─── PROVIDED MATERIAL ───
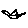
Label: bird
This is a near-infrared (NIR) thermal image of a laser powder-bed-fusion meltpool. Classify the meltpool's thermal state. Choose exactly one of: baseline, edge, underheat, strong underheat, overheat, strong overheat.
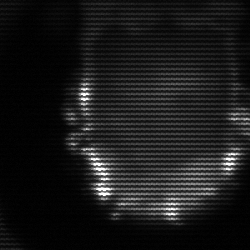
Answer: baseline
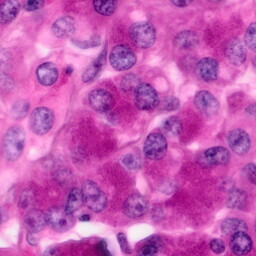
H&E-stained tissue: Pancreatic
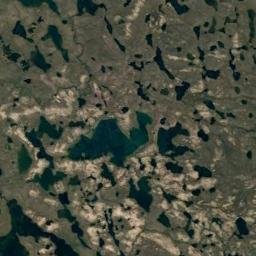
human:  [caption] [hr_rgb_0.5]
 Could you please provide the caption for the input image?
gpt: This wetland is totally covered with vegetation .

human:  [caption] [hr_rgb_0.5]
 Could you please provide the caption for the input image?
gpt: Brown trivial bare land in the river in a wetland .

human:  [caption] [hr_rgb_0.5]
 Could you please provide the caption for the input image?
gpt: The wetland consists of bare land and water .

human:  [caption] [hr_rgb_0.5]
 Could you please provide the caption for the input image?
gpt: There are many different shapes of water around the wetlands .

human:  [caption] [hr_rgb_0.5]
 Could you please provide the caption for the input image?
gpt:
───
WHAT THE TASK REQUIRES:
Output exactly the line containing "gpt: This wetland" together with every line after it, ending at the final line of the entries.

TASK OUTPUT:
gpt: This wetland is totally covered with vegetation .

human:  [caption] [hr_rgb_0.5]
 Could you please provide the caption for the input image?
gpt: Brown trivial bare land in the river in a wetland .

human:  [caption] [hr_rgb_0.5]
 Could you please provide the caption for the input image?
gpt: The wetland consists of bare land and water .

human:  [caption] [hr_rgb_0.5]
 Could you please provide the caption for the input image?
gpt: There are many different shapes of water around the wetlands .

human:  [caption] [hr_rgb_0.5]
 Could you please provide the caption for the input image?
gpt:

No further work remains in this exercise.